The aim of the growth assay is to find out in what way the cloned plasmids affect the growth efficiency of our expression strain E. coli BL21. For this reasons, different colonies with different vectors cloned inside where tested. E. coli BL21 untransformed was used as a positive control. The gene adh in E. coli BL21 was tested both induced as not induced. The same was done with chmo in E. coli BL21. E. coli BL21 transformed with a vector with both adh and chmo was tested induced and not induced as well.

Figure 8: Growth assay with E. coli BL21 with different vectors and induced or not induced.

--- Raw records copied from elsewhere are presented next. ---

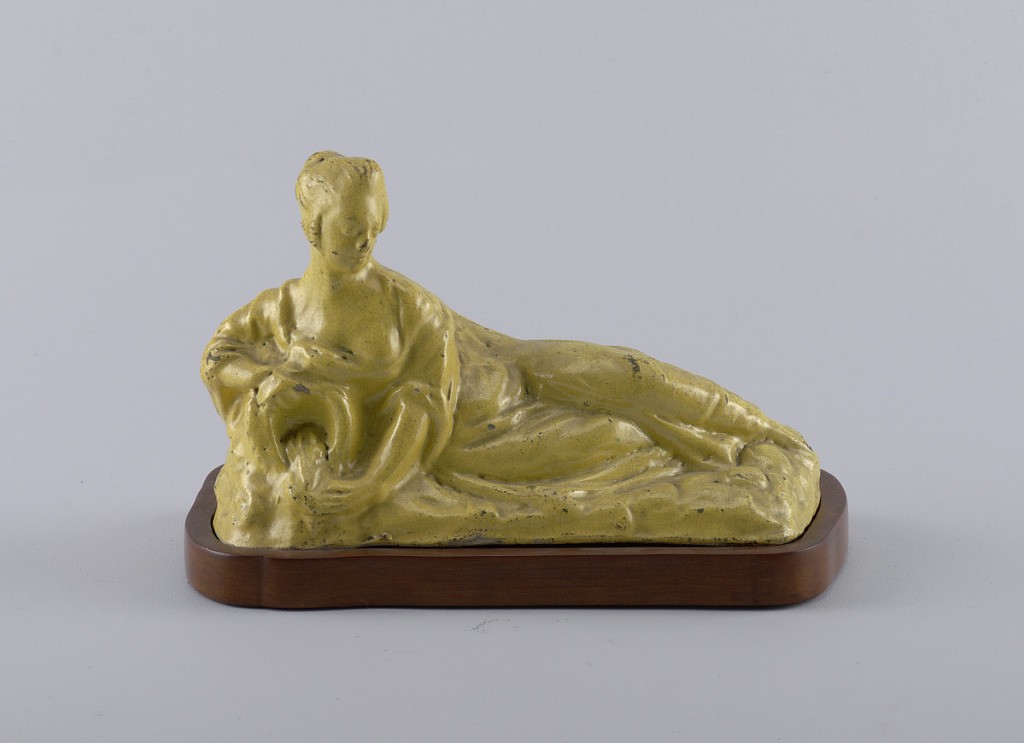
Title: Reclining Woman
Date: ca. 1760
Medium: earthenware, wood
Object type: sculpture
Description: Reclining woman with flowing dress, holding bucket from which water is flowing. Crackled yellow glaze. Modern carved wooden base made to fit figure.
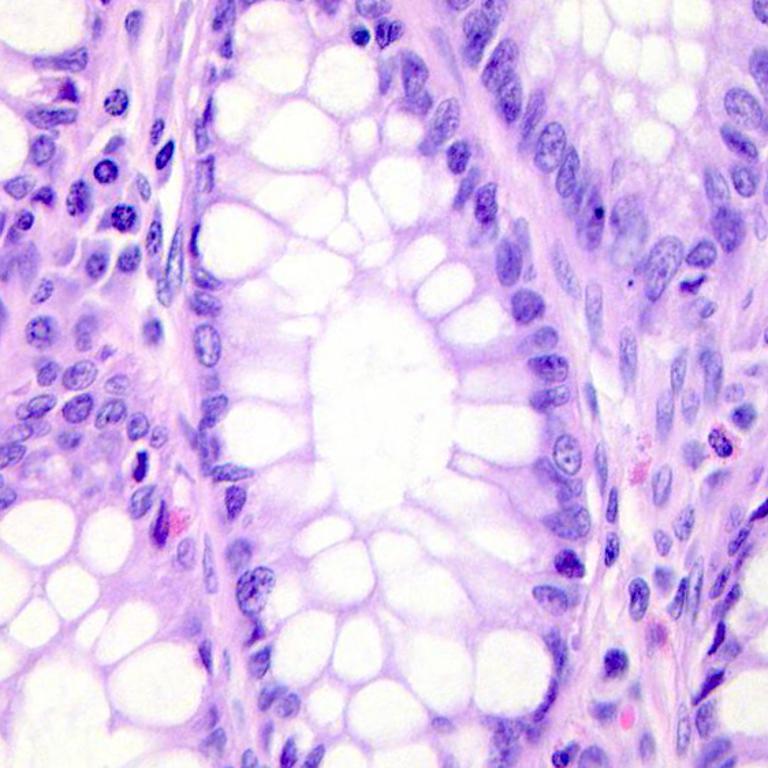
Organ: colon
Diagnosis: benign
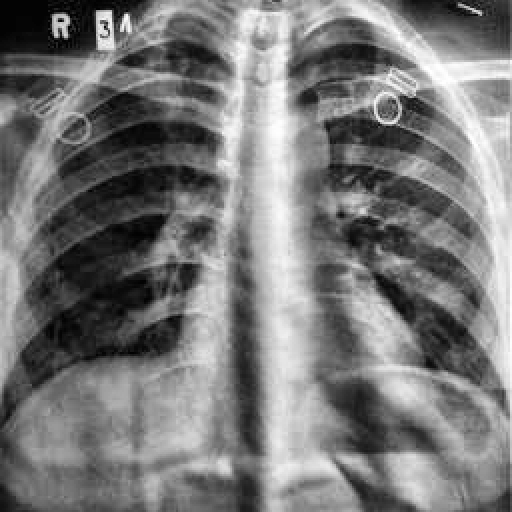
Finding: TUBERCULOSIS

In figure 8 the results of the growth assay are shown. It can be seen, that the E. coli BL21 colony with the induced adh plasmids grows better than the other colonies including the positive control E. coli E. coli BL21 without an added plasmid. It can furthermore be seen that the chmo strain induced and the positive control reach the lowest plateau with an OD₆₀₀ of 0.5 while the E. coli BL21 with adh induced grows until an OD₆₀₀ of 0.7. We expected the positive control without an added plasmid and without inducing to grow best since it does not have a metabolic burden added. It was also expected, that the induced E. coli BL21 stain with chmo and adh added has the lowest growth rate due to the large added plasmid and to the two enzymes with have to be expressed additionaly. In the experiment this coloniy shows an average grow with a final OD₆₀₀ of 0.55. Possible error sources might be that an error accourded when inocunating the LB-media in the well with E. coli BL21. As a conclusion it can still be said that the added plasmid and the protein expression do not seem to affect the growth of E. coli BL21 severely. These means for us that or modified E. coli BL21 is still able to grow and also produce ε-caprolactone

Sequence and Features

References

1. ↑ Sandy Schmidt, Angewandte Chemie, Wiley Online Library, 2015.
2. ↑ Reshma P Shetty Journal of Biological Engineering, 2008.
3. ↑ ^{3.0 3.1} Friso S. Aalbers, Appl Microbiol Biotechnol, 2017.